### DATA SUPPLIED:
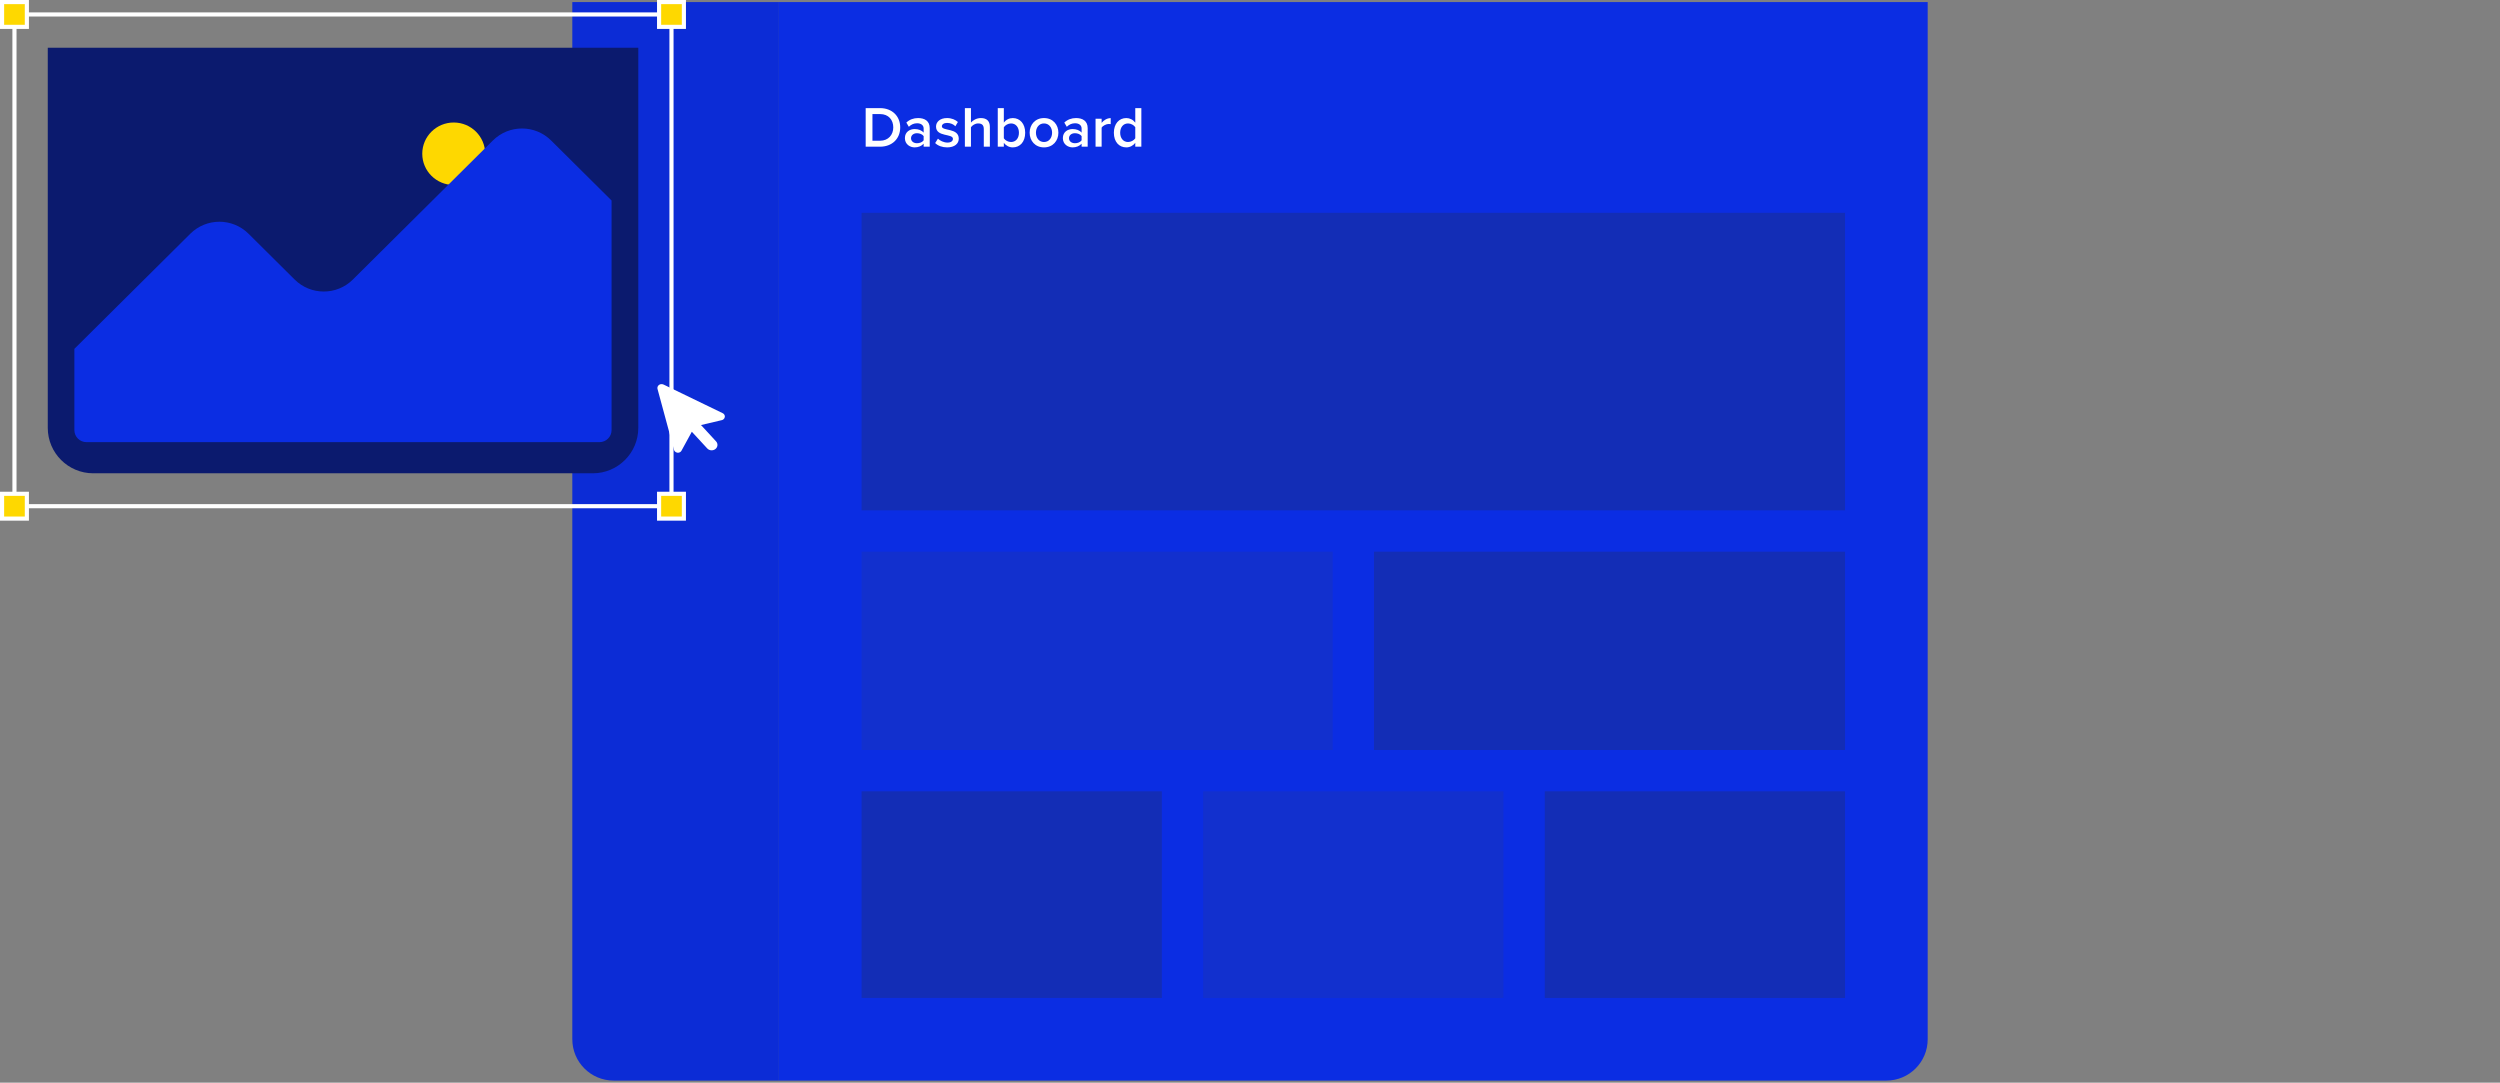 <svg width="605" height="262" viewBox="0 0 605 262" fill="none" xmlns="http://www.w3.org/2000/svg">

<rect x="0" y="0" width="605" height="262" fill="#808080" stroke="none"/>

<path d="M138.5 0.5H188.5V261.5H148.5C142.977 261.5 138.5 257.023 138.5 251.5V0.5Z" fill="#0C2CD6"/>
<path d="M188.5 0.5H466.5V251.5C466.5 257.023 462.023 261.5 456.5 261.5H188.5V0.5Z" fill="#0B2DE3"/>
<path d="M212.966 35.5H209.494V26.162H212.966C215.878 26.162 217.852 28.094 217.852 30.838C217.852 33.582 215.878 35.5 212.966 35.5ZM212.966 34.058C214.996 34.058 216.172 32.602 216.172 30.838C216.172 29.032 215.052 27.604 212.966 27.604H211.132V34.058H212.966ZM224.991 35.5H223.521V34.772C223.017 35.346 222.233 35.668 221.337 35.668C220.231 35.668 218.985 34.926 218.985 33.428C218.985 31.874 220.231 31.23 221.337 31.23C222.247 31.23 223.031 31.524 223.521 32.098V31.09C223.521 30.306 222.877 29.83 221.939 29.83C221.183 29.83 220.525 30.11 219.937 30.684L219.335 29.662C220.119 28.92 221.099 28.57 222.177 28.57C223.675 28.57 224.991 29.2 224.991 31.02V35.5ZM221.911 34.66C222.555 34.66 223.185 34.422 223.521 33.96V32.938C223.185 32.476 222.555 32.238 221.911 32.238C221.085 32.238 220.469 32.714 220.469 33.456C220.469 34.184 221.085 34.66 221.911 34.66ZM229.207 35.668C228.059 35.668 227.009 35.304 226.309 34.618L226.981 33.554C227.457 34.044 228.395 34.506 229.277 34.506C230.159 34.506 230.607 34.128 230.607 33.596C230.607 32.266 226.519 33.218 226.519 30.628C226.519 29.522 227.471 28.57 229.179 28.57C230.327 28.57 231.195 28.976 231.811 29.522L231.195 30.558C230.789 30.096 230.033 29.746 229.193 29.746C228.423 29.746 227.933 30.096 227.933 30.572C227.933 31.776 232.021 30.88 232.021 33.568C232.021 34.758 231.027 35.668 229.207 35.668ZM239.549 35.5H238.079V31.244C238.079 30.194 237.533 29.872 236.707 29.872C235.965 29.872 235.321 30.32 234.971 30.782V35.5H233.501V26.162H234.971V29.662C235.419 29.13 236.301 28.57 237.365 28.57C238.821 28.57 239.549 29.326 239.549 30.712V35.5ZM242.928 33.47C243.25 33.974 243.978 34.366 244.664 34.366C245.84 34.366 246.582 33.442 246.582 32.126C246.582 30.81 245.84 29.872 244.664 29.872C243.978 29.872 243.25 30.292 242.928 30.796V33.47ZM242.928 35.5H241.458V26.162H242.928V29.676C243.46 28.962 244.244 28.57 245.098 28.57C246.834 28.57 248.094 29.942 248.094 32.126C248.094 34.352 246.82 35.668 245.098 35.668C244.216 35.668 243.446 35.248 242.928 34.576V35.5ZM252.645 35.668C250.503 35.668 249.173 34.058 249.173 32.112C249.173 30.18 250.503 28.57 252.645 28.57C254.815 28.57 256.131 30.18 256.131 32.112C256.131 34.058 254.815 35.668 252.645 35.668ZM252.645 34.366C253.905 34.366 254.605 33.316 254.605 32.112C254.605 30.922 253.905 29.872 252.645 29.872C251.399 29.872 250.699 30.922 250.699 32.112C250.699 33.316 251.399 34.366 252.645 34.366ZM263.218 35.5H261.748V34.772C261.244 35.346 260.46 35.668 259.564 35.668C258.458 35.668 257.212 34.926 257.212 33.428C257.212 31.874 258.458 31.23 259.564 31.23C260.474 31.23 261.258 31.524 261.748 32.098V31.09C261.748 30.306 261.104 29.83 260.166 29.83C259.41 29.83 258.752 30.11 258.164 30.684L257.562 29.662C258.346 28.92 259.326 28.57 260.404 28.57C261.902 28.57 263.218 29.2 263.218 31.02V35.5ZM260.138 34.66C260.782 34.66 261.412 34.422 261.748 33.96V32.938C261.412 32.476 260.782 32.238 260.138 32.238C259.312 32.238 258.696 32.714 258.696 33.456C258.696 34.184 259.312 34.66 260.138 34.66ZM266.594 35.5H265.124V28.738H266.594V29.732C267.098 29.088 267.91 28.584 268.792 28.584V30.04C268.666 30.012 268.512 29.998 268.33 29.998C267.714 29.998 266.888 30.418 266.594 30.894V35.5ZM276.207 35.5H274.737V34.576C274.219 35.248 273.435 35.668 272.567 35.668C270.831 35.668 269.557 34.352 269.557 32.126C269.557 29.942 270.817 28.57 272.567 28.57C273.407 28.57 274.191 28.962 274.737 29.676V26.162H276.207V35.5ZM272.987 34.366C273.687 34.366 274.401 33.974 274.737 33.47V30.782C274.401 30.278 273.687 29.872 272.987 29.872C271.825 29.872 271.083 30.81 271.083 32.126C271.083 33.428 271.825 34.366 272.987 34.366Z" fill="white"/>
<path d="M208.5 51.5H446.5V123.5H208.5V51.5Z" fill="#132DB6"/>
<path d="M208.5 133.5H322.5V181.5H208.5V133.5Z" fill="#1230CE"/>
<path d="M332.5 133.5H446.5V181.5H332.5V133.5Z" fill="#132DB6"/>
<path d="M208.5 191.5H281.167V241.5H208.5V191.5Z" fill="#132DB6"/>
<path d="M291.167 191.5H363.834V241.5H291.167V191.5Z" fill="#1230CE"/>
<rect x="373.833" y="191.5" width="72.667" height="50" fill="#132DB6"/>

<svg width="178" height="126" viewBox="0 0 178 126" fill="none" xmlns="http://www.w3.org/2000/svg">
  <path d="M11.559 11.559H154.468V103.537C154.468 109.612 149.543 114.537 143.468 114.537H22.559C16.483 114.537 11.559 109.612 11.559 103.537V11.559Z" fill="#0B1A6E"/>
  <rect x="17.863" y="17.864" width="130.299" height="90.369" rx="5" fill="#0B1A6E"/>
  <rect width="130" height="80" transform="translate(17.863 27.321)" fill="#0B1A6E"/>
  <ellipse cx="109.8" cy="37.208" rx="7.613" ry="7.561" fill="#FED800"/>
  <path d="M148 48.525V104.092C148 105.697 146.688 107 145.072 107H20.928C19.312 107 18 105.697 18 104.092V84.422L46.053 56.564C49.953 52.692 56.247 52.692 60.146 56.565L71.303 67.646C75.203 71.519 81.498 71.519 85.397 67.646L119.276 33.998C123.175 30.125 129.469 30.125 133.369 33.997L148 48.525Z" fill="#0B2DE3"/>
  <rect x="3.5" y="3.5" width="159" height="119" stroke="white"/>
  <rect x="0.5" y="0.5" width="6" height="6" fill="#FED800" stroke="white"/>
  <rect x="159.5" y="0.5" width="6" height="6" fill="#FED800" stroke="white"/>
  <rect x="0.5" y="119.5" width="6" height="6" fill="#FED800" stroke="white"/>
  <rect x="159.5" y="119.5" width="6" height="6" fill="#FED800" stroke="white"/>
  <path d="M159.121 94.136L163.115 108.88C163.246 109.365 163.774 109.656 164.29 109.534C164.559 109.471 164.79 109.302 164.918 109.069L167.423 104.482L171.154 108.523C171.661 109.072 172.549 109.134 173.138 108.661C173.727 108.188 173.793 107.36 173.286 106.811L169.642 102.86L174.68 101.674C175.2 101.551 175.516 101.058 175.384 100.573C175.317 100.323 175.137 100.111 174.891 99.991L160.581 93.06C160.357 92.953 160.104 92.923 159.861 92.98C159.315 93.109 158.983 93.627 159.121 94.136Z" fill="white"/>
</svg>

</svg>

### WHAT YOU HAVE TO DO:
Where the string "rect" turns up in a line of the data above, copy that whole line.

### ANSWER TO THIS EXERCISE:
<rect x="0" y="0" width="605" height="262" fill="#808080" stroke="none"/>
<rect x="373.833" y="191.5" width="72.667" height="50" fill="#132DB6"/>
  <rect x="17.863" y="17.864" width="130.299" height="90.369" rx="5" fill="#0B1A6E"/>
  <rect width="130" height="80" transform="translate(17.863 27.321)" fill="#0B1A6E"/>
  <rect x="3.5" y="3.5" width="159" height="119" stroke="white"/>
  <rect x="0.5" y="0.5" width="6" height="6" fill="#FED800" stroke="white"/>
  <rect x="159.5" y="0.5" width="6" height="6" fill="#FED800" stroke="white"/>
  <rect x="0.5" y="119.5" width="6" height="6" fill="#FED800" stroke="white"/>
  <rect x="159.5" y="119.5" width="6" height="6" fill="#FED800" stroke="white"/>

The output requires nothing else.